Arauz has also adamantly denied any ties to terrorist organizations.

Moreno, asked about the report, told Semana that he did not believe Duque would interfere in bad faith with the Ecuadoran presidential election. Asked if he believed it was possible for Rafael Correa to have ties to the ELN, he said, “I don’t doubt it.”

Moreno was once Correa’s vice president and ran on a socialist platform to succeed him. Almost immediately after becoming president, however, he turned against Correa, stating that he was now privy to scandalous information regarding Correa’s alleged corruption and mismanagement. Under Moreno, Ecuadoran police issued an arrest warrant for Correa and ultimately convicted him of corruption charges. Among the accusations against Correa were that he paid kidnappers to abduct political dissidents and that he offered China lucrative deals on Ecuadoran oil that significantly damaged the nation’s economy.
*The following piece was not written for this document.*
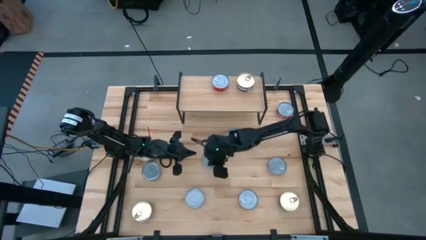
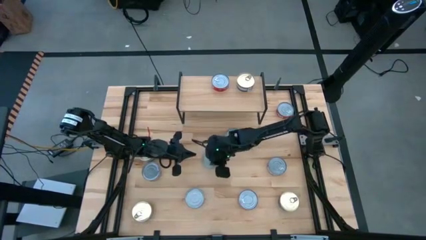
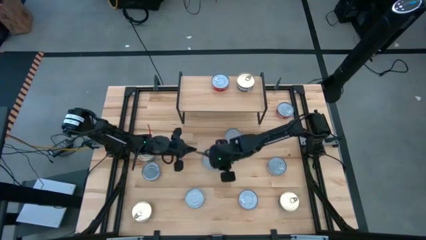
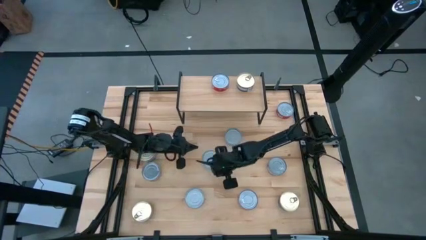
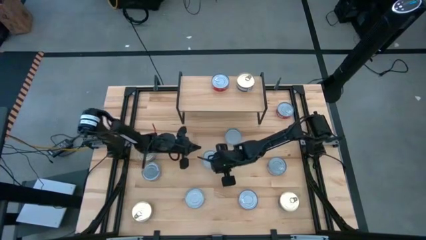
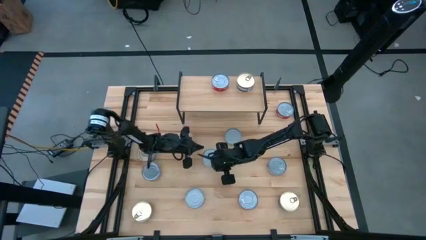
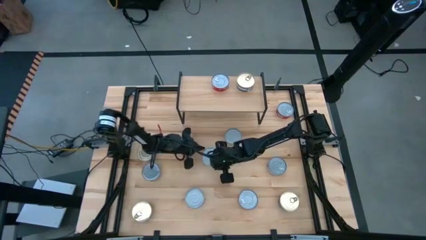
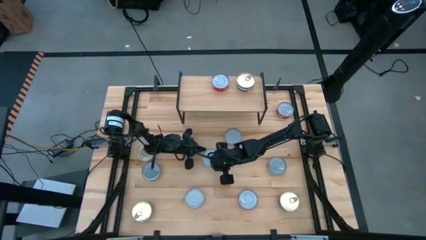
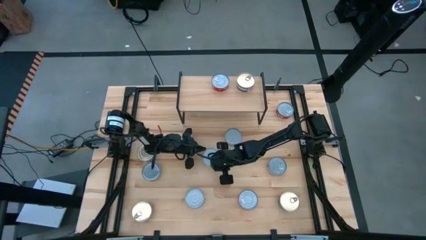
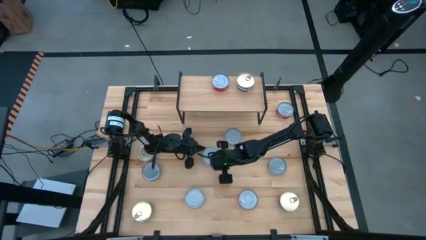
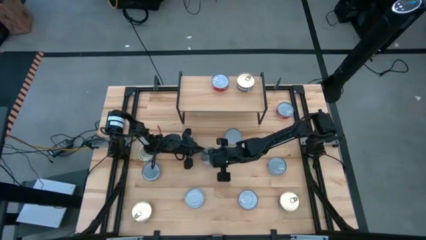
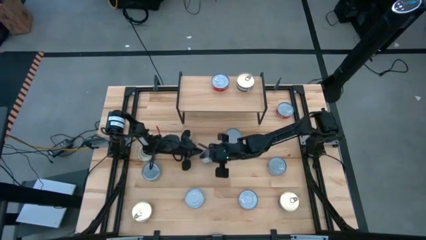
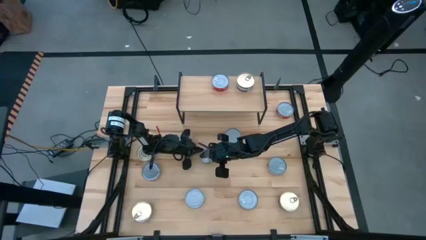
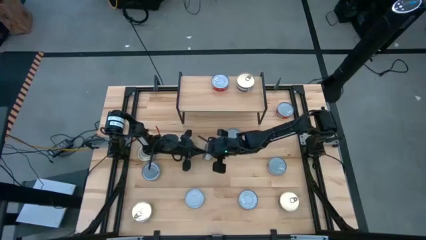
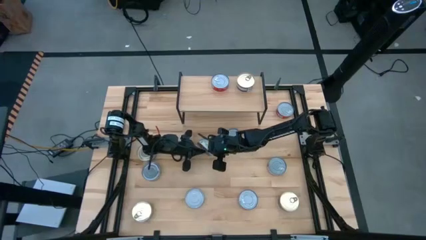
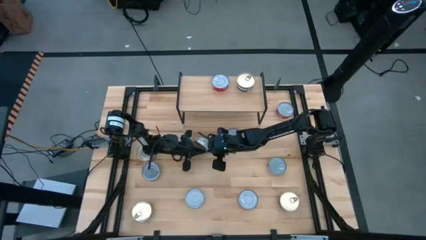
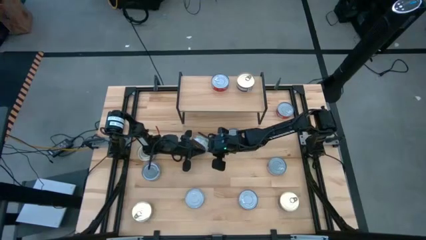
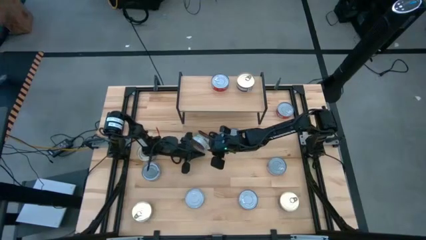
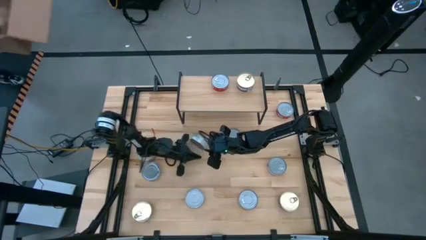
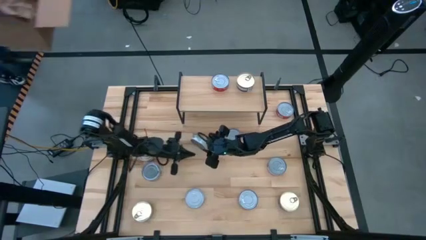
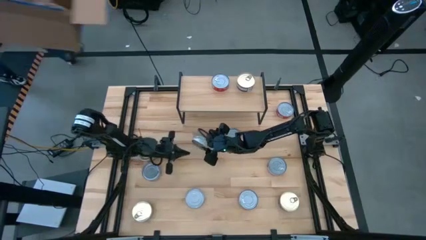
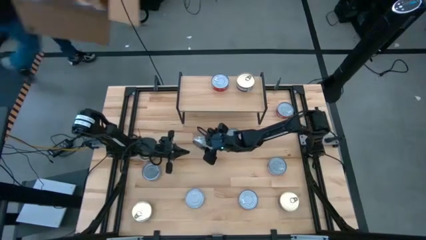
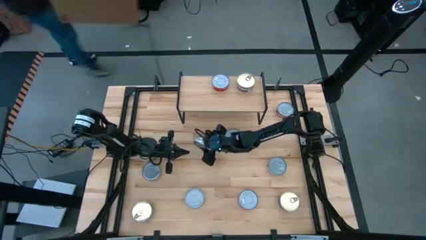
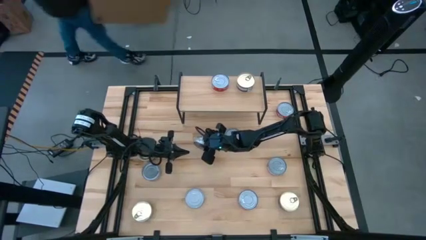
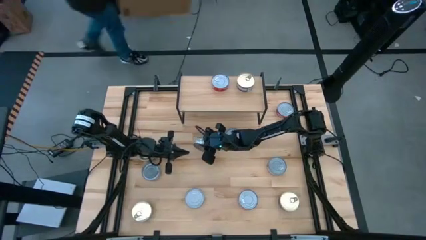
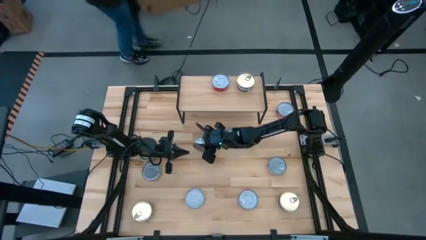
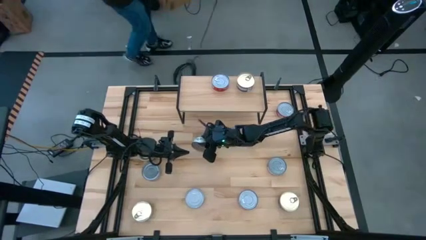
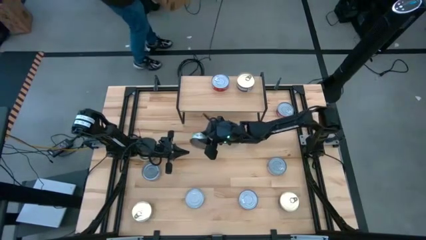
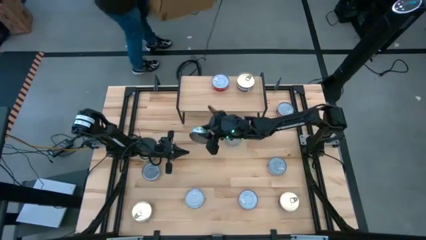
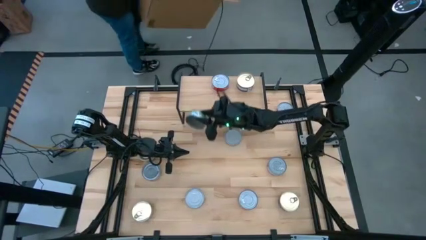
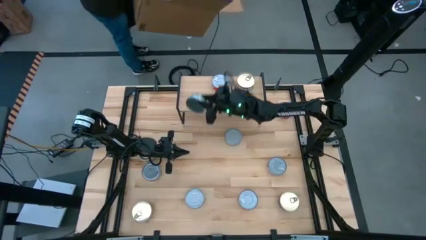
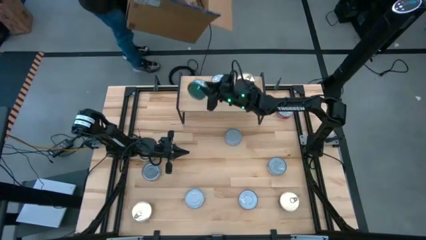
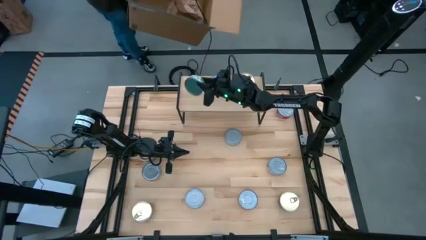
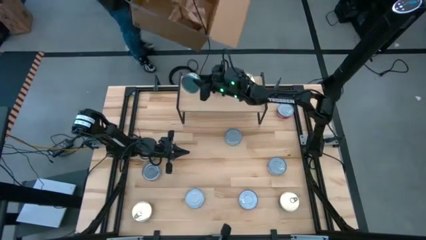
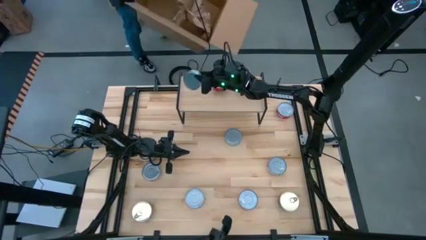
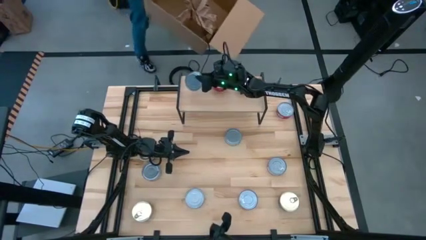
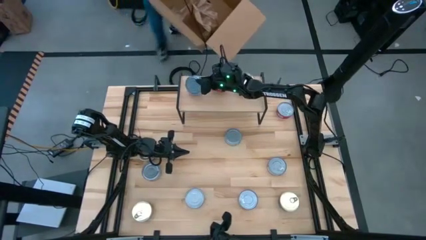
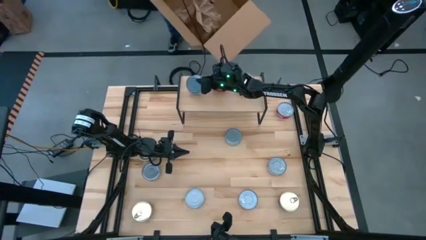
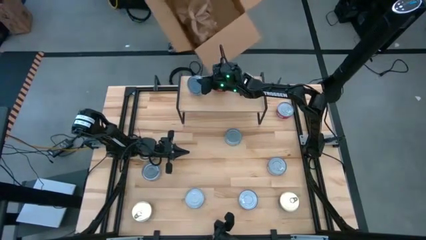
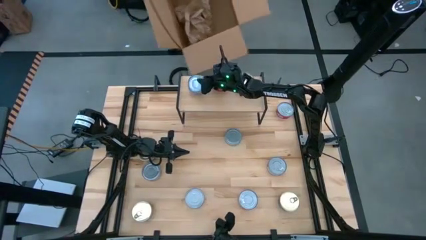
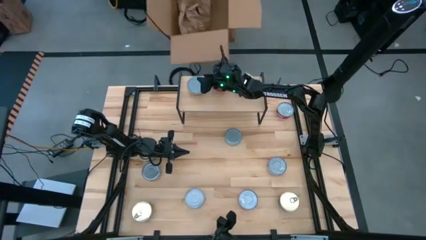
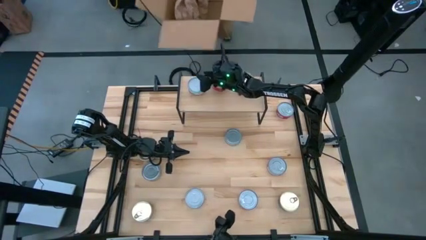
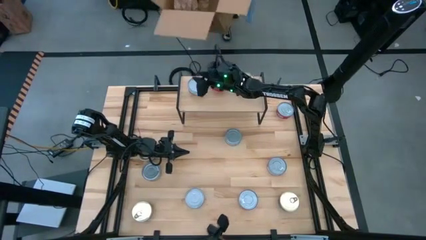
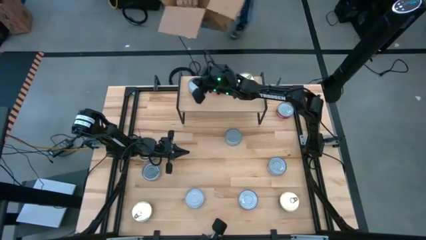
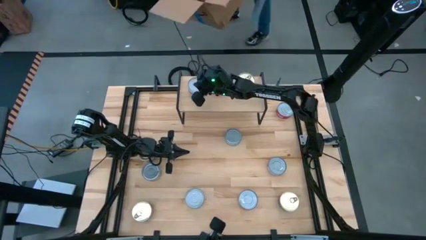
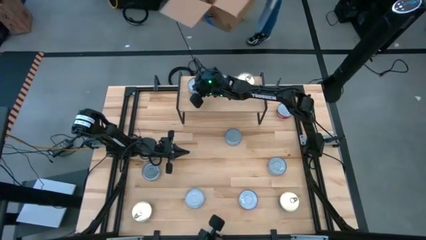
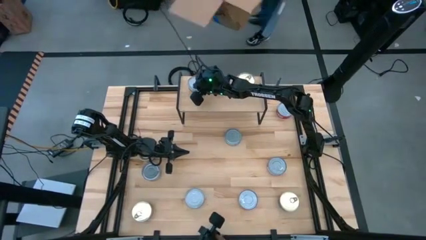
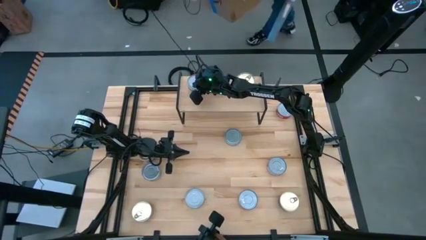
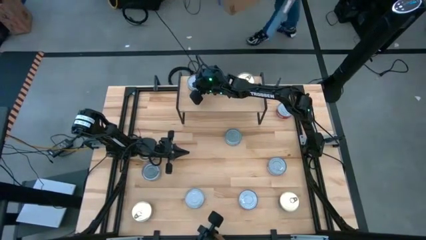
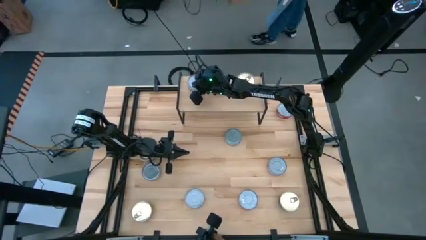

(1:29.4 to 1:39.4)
Task: Stack canned seafood by type on shelf
Put the green and white tuna can on the shelf

Moreno also took several steps to undo other damaging Correa policies like offering Wikileaks founder Julian Assange citizenship — despite Assange never stepping foot in Ecuador — and cutting ties with Venezuelan dictator Nicolás Maduro, who Moreno has referred to as an “ass.” Moreno’s administration also limited presidents to only one term in power, preventing Correa from returning to the helm of the country even with a potential pardon.